◆ **PROBLEM TO SOLVE**
Only lines containing the string "stroke" belong in the answer; find them in the records and copy them.

◆ **EXERCISE DATA**
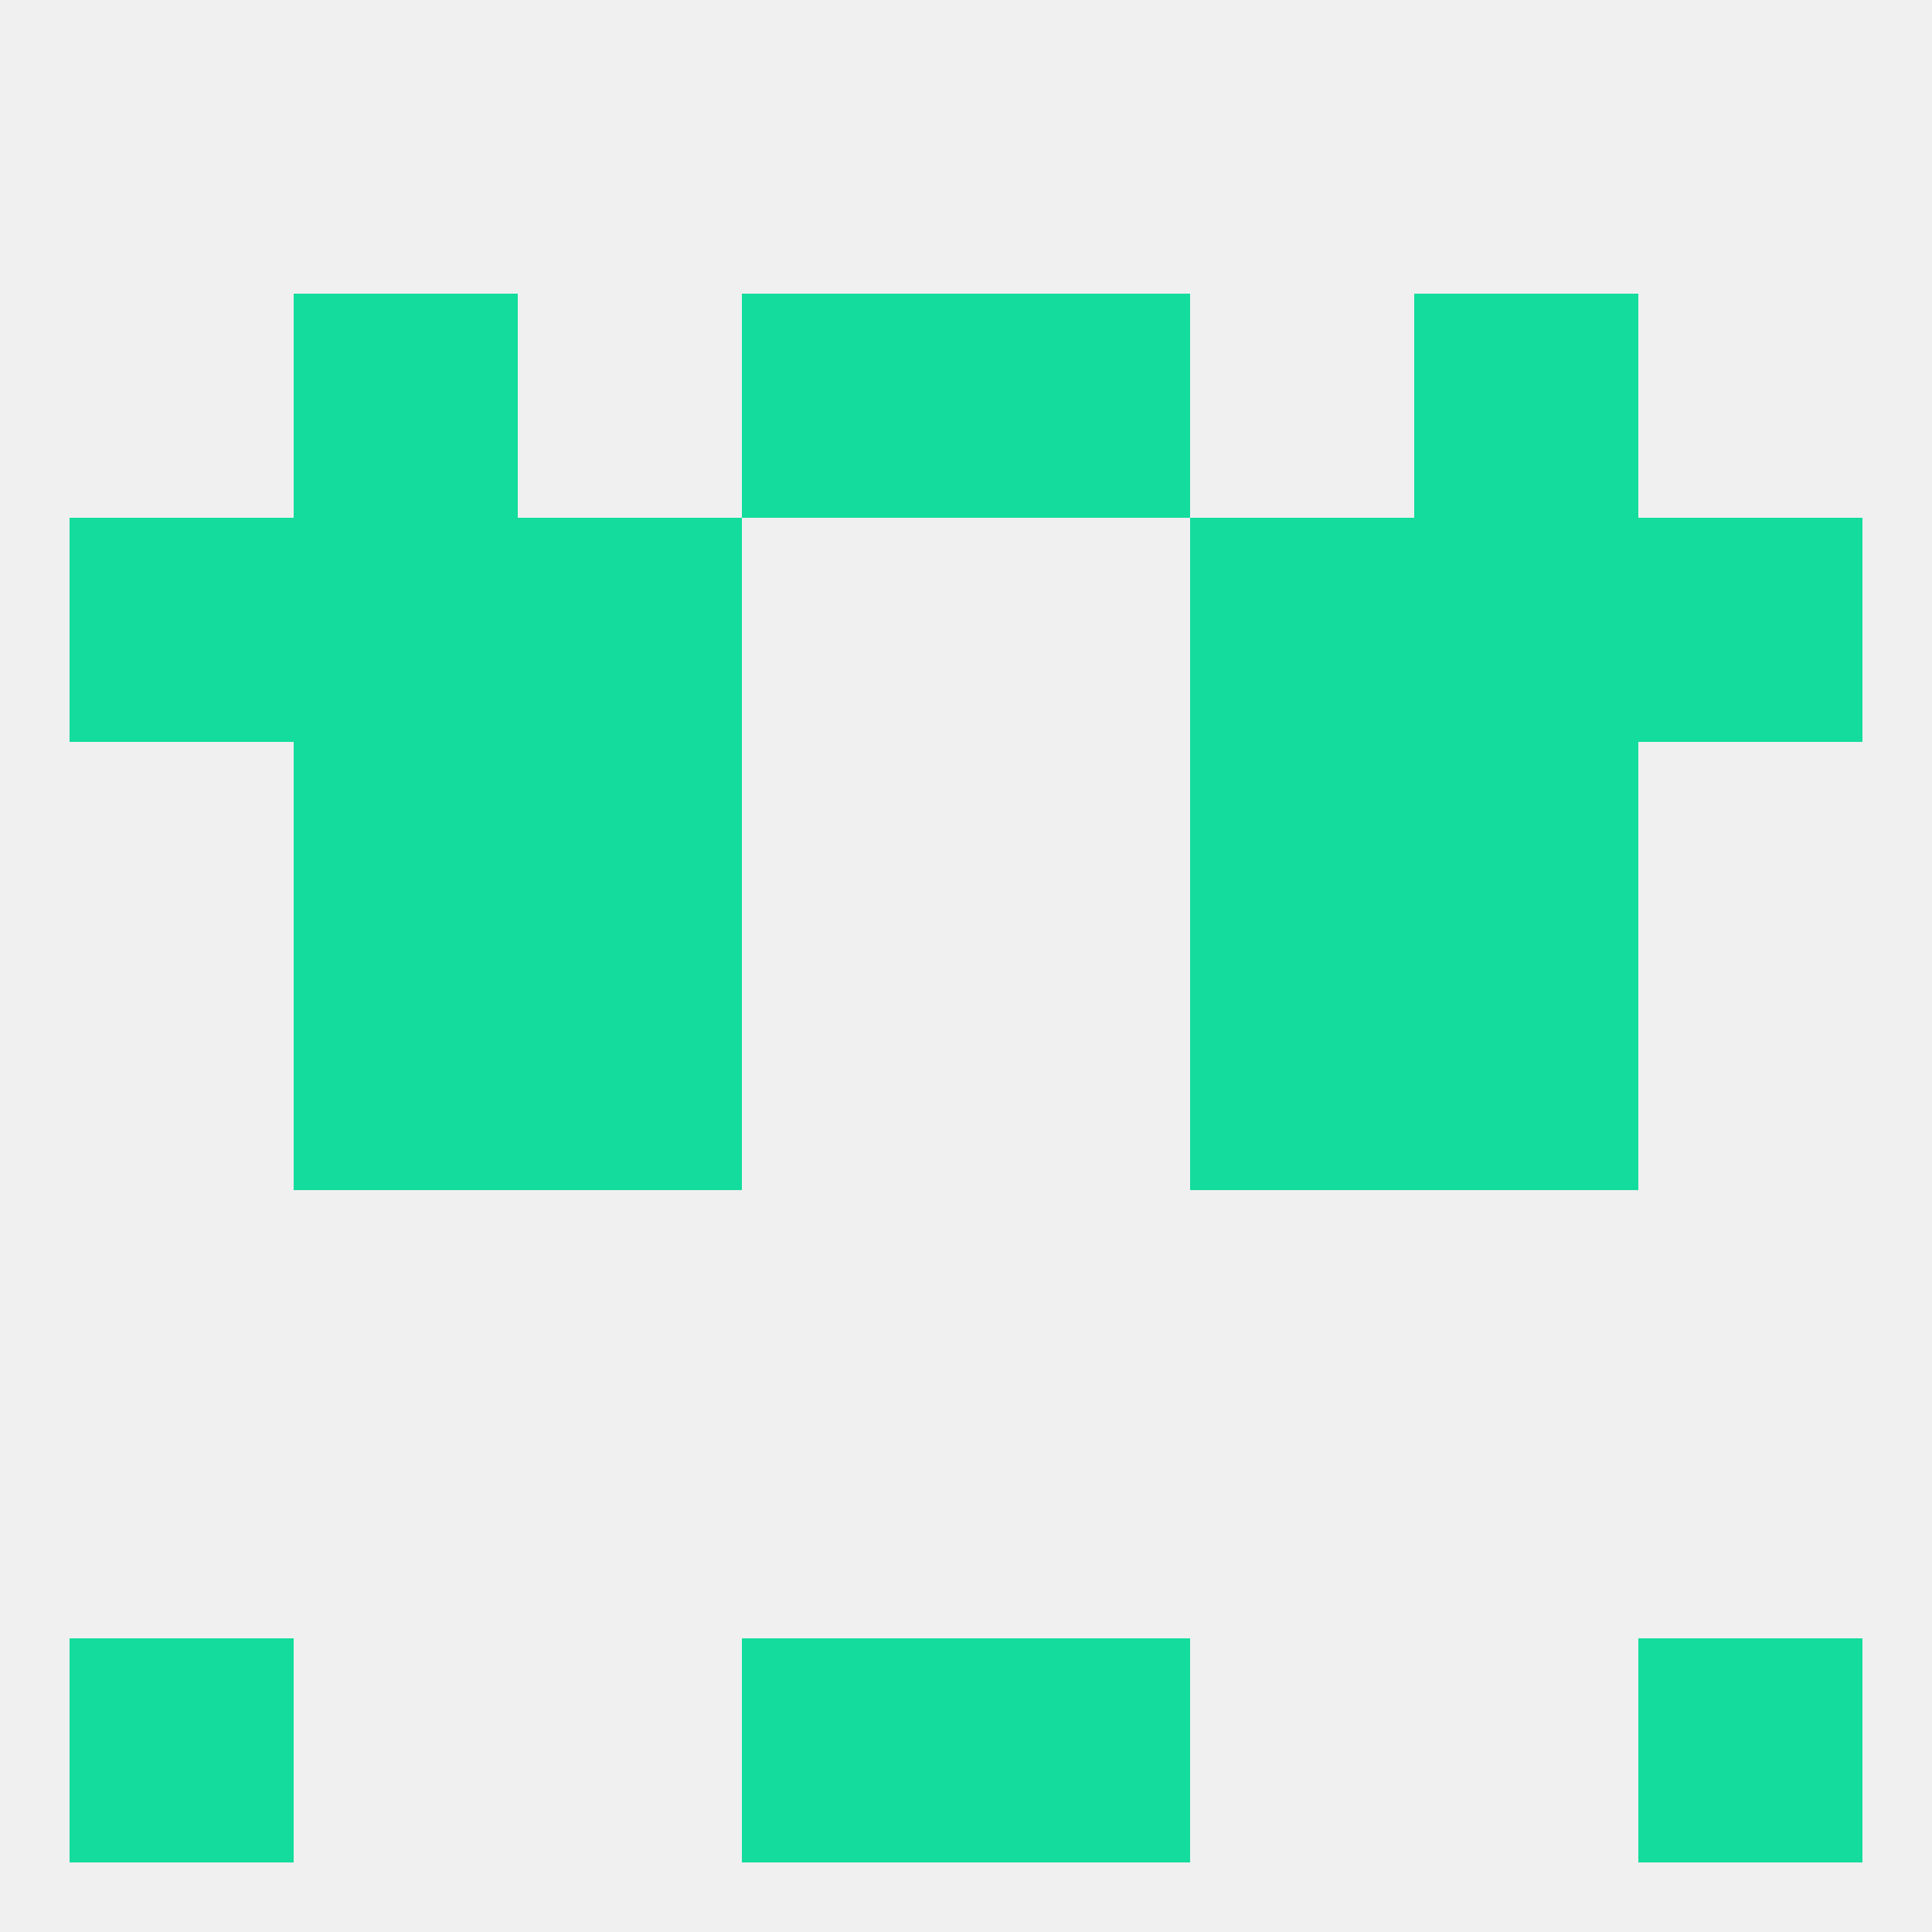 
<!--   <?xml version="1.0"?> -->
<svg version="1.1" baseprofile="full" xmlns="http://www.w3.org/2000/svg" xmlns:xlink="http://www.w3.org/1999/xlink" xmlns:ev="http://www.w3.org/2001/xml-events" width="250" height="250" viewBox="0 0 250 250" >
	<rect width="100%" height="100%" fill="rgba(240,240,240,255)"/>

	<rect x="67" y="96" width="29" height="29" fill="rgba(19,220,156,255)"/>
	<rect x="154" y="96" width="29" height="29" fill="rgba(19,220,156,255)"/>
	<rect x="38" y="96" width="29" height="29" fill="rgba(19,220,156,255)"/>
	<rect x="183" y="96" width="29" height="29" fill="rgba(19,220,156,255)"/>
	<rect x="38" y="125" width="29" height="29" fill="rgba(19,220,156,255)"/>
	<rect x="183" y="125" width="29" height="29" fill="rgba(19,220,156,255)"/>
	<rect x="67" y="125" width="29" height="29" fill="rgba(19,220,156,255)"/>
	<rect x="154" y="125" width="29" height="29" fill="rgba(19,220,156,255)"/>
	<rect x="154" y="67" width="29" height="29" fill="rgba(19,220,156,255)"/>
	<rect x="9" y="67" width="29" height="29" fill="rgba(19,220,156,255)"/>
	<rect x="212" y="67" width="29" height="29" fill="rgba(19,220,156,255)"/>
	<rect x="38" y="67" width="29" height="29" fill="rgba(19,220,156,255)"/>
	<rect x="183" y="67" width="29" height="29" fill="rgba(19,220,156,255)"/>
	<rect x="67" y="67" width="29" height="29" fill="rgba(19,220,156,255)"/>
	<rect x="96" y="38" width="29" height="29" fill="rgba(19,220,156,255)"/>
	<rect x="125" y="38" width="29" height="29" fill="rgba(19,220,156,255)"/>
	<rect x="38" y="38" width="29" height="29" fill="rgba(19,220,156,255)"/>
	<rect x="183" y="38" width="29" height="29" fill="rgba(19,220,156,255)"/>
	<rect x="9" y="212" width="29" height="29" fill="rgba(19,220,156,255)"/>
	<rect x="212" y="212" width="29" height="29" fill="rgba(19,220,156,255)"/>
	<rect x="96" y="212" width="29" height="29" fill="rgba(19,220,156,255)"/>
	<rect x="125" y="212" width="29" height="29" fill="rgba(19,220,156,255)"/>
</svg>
...
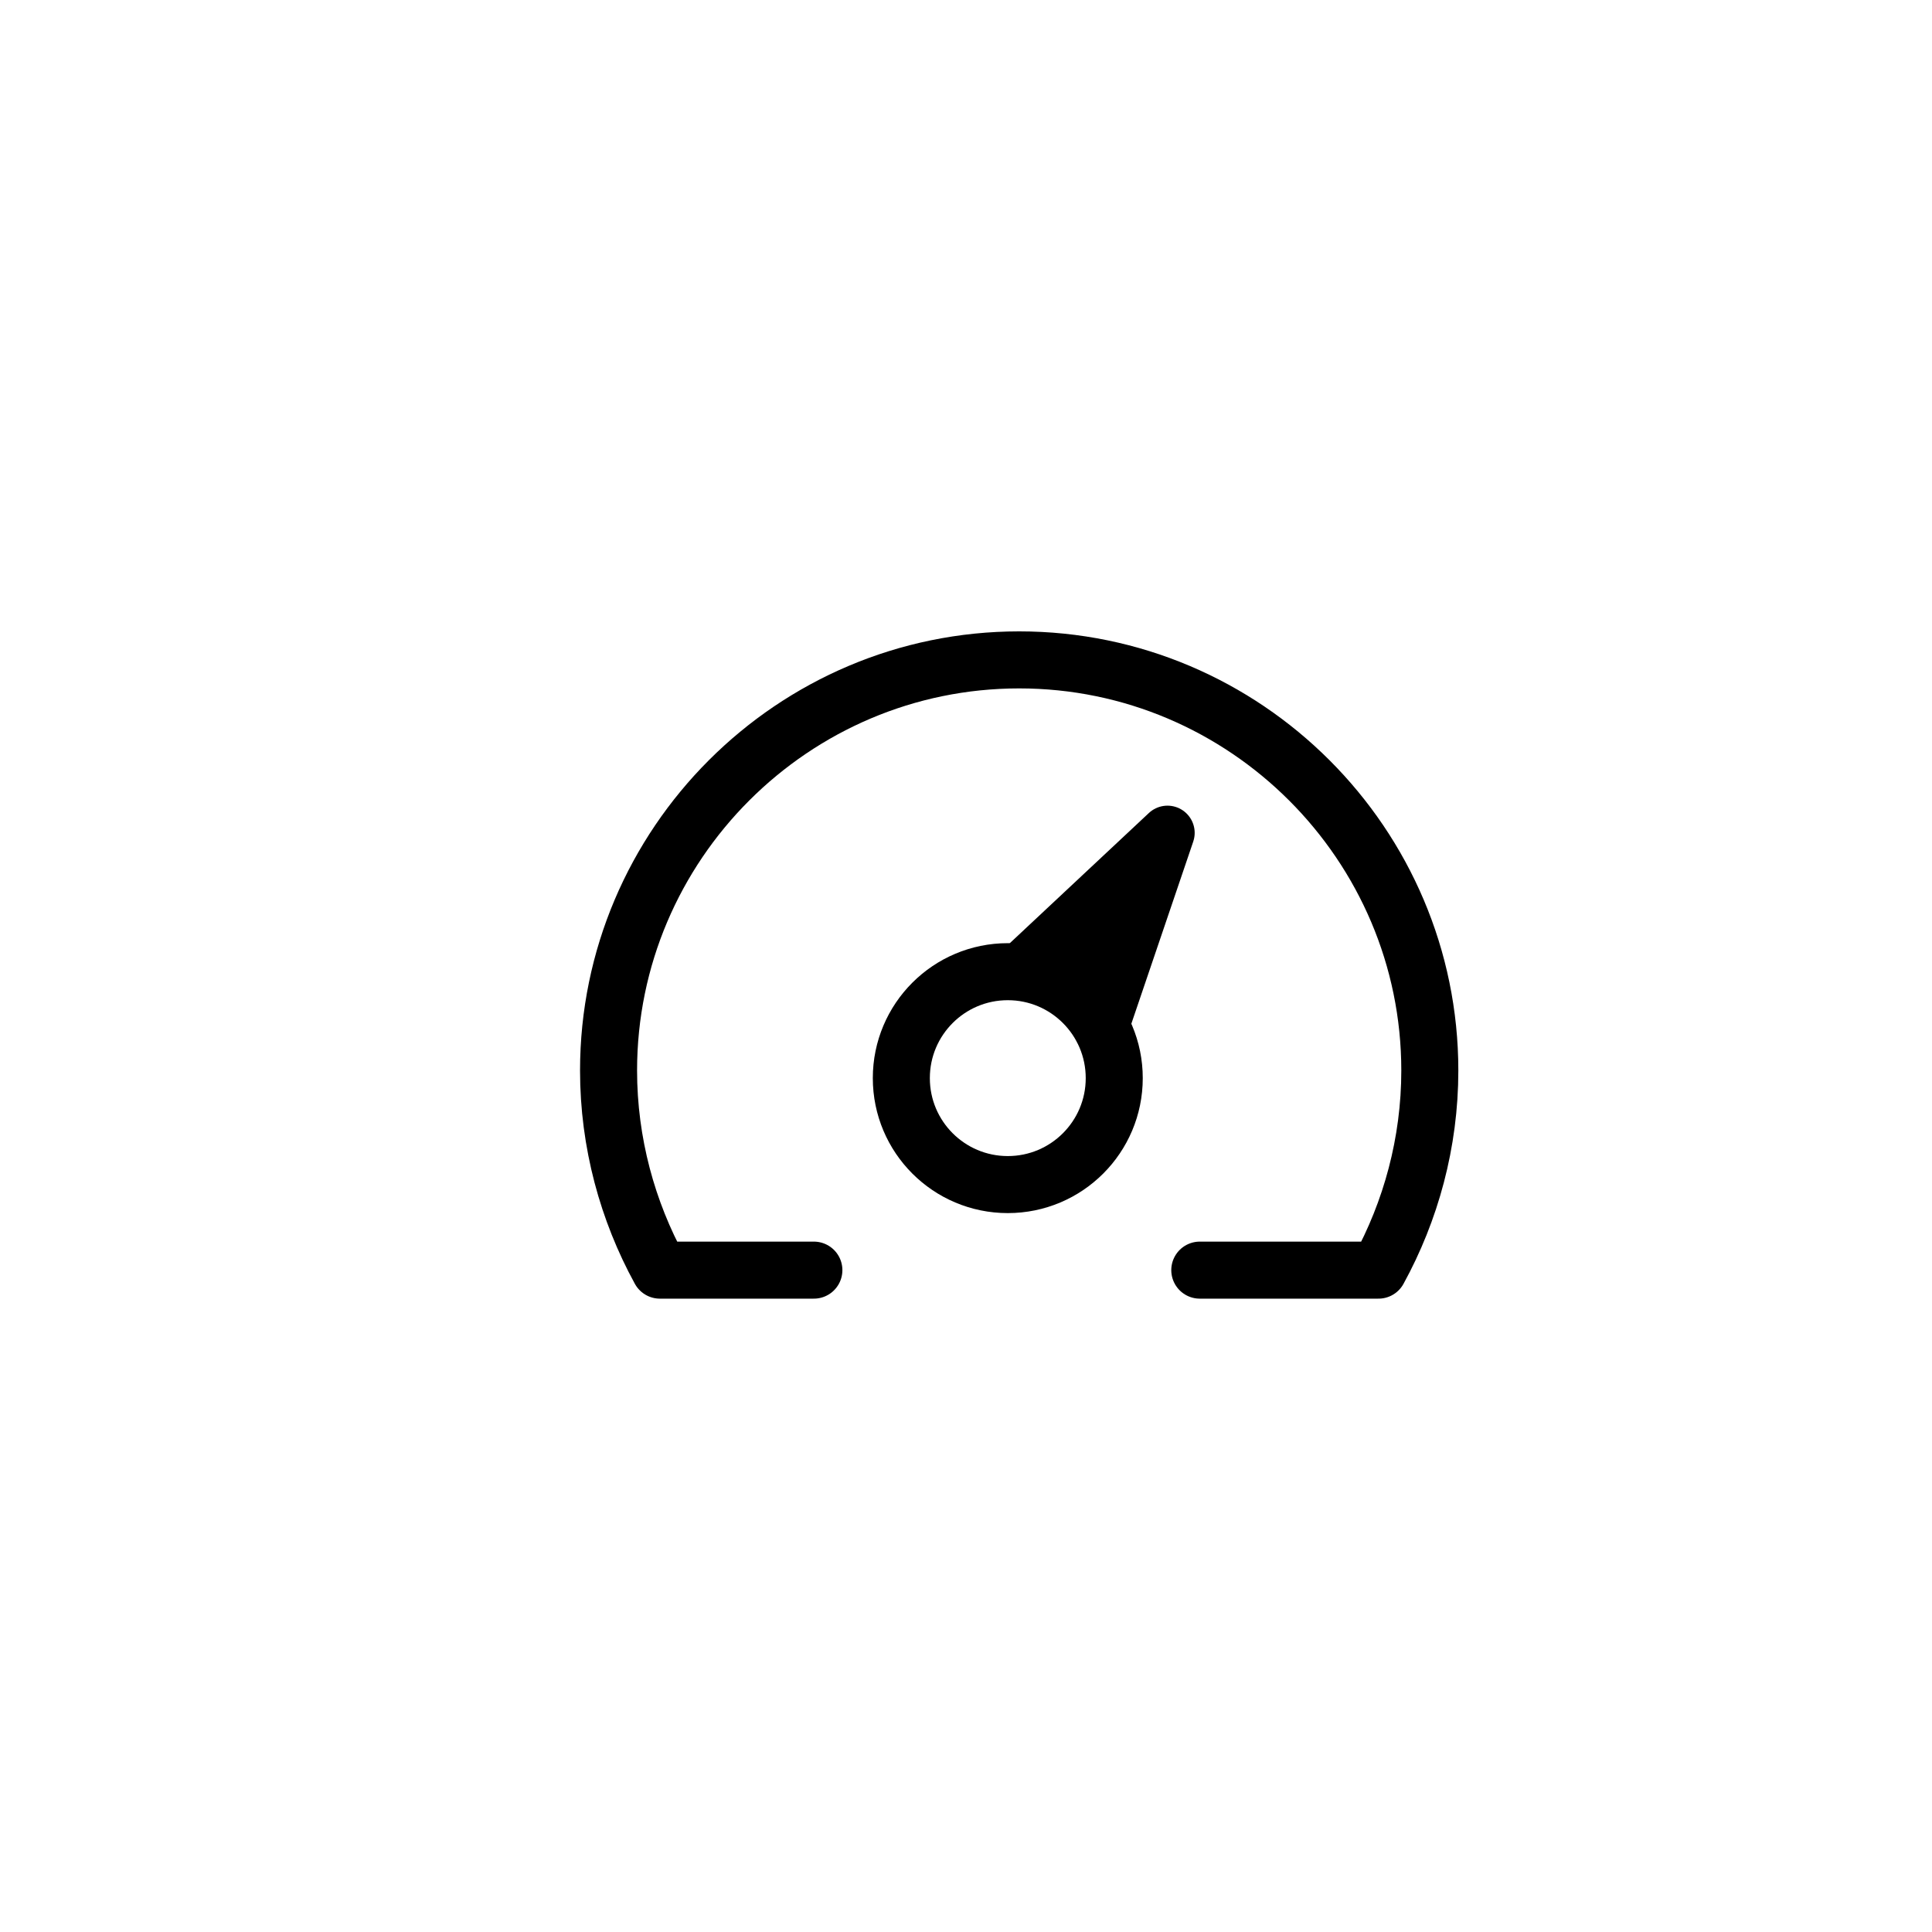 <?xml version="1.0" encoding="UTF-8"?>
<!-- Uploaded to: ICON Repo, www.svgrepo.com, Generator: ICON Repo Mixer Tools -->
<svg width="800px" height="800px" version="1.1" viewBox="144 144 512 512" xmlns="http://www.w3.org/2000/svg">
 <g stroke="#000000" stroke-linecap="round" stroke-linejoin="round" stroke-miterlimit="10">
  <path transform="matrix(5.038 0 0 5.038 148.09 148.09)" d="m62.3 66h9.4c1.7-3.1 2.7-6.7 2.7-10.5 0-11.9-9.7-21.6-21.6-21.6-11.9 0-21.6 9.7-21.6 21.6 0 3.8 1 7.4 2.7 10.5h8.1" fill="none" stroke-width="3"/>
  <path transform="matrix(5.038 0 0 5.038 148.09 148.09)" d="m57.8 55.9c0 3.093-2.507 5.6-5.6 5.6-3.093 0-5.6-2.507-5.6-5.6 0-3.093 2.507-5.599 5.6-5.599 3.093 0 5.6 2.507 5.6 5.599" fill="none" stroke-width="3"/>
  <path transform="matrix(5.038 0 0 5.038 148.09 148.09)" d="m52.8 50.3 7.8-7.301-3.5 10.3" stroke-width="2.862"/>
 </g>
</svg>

◆ **TASK RESPONSE**
 <g stroke="#000000" stroke-linecap="round" stroke-linejoin="round" stroke-miterlimit="10">
  <path transform="matrix(5.038 0 0 5.038 148.09 148.09)" d="m62.3 66h9.4c1.7-3.1 2.7-6.7 2.7-10.5 0-11.9-9.7-21.6-21.6-21.6-11.9 0-21.6 9.7-21.6 21.6 0 3.8 1 7.4 2.7 10.5h8.1" fill="none" stroke-width="3"/>
  <path transform="matrix(5.038 0 0 5.038 148.09 148.09)" d="m57.8 55.9c0 3.093-2.507 5.6-5.6 5.6-3.093 0-5.6-2.507-5.6-5.6 0-3.093 2.507-5.599 5.6-5.599 3.093 0 5.6 2.507 5.6 5.599" fill="none" stroke-width="3"/>
  <path transform="matrix(5.038 0 0 5.038 148.09 148.09)" d="m52.8 50.3 7.8-7.301-3.5 10.3" stroke-width="2.862"/>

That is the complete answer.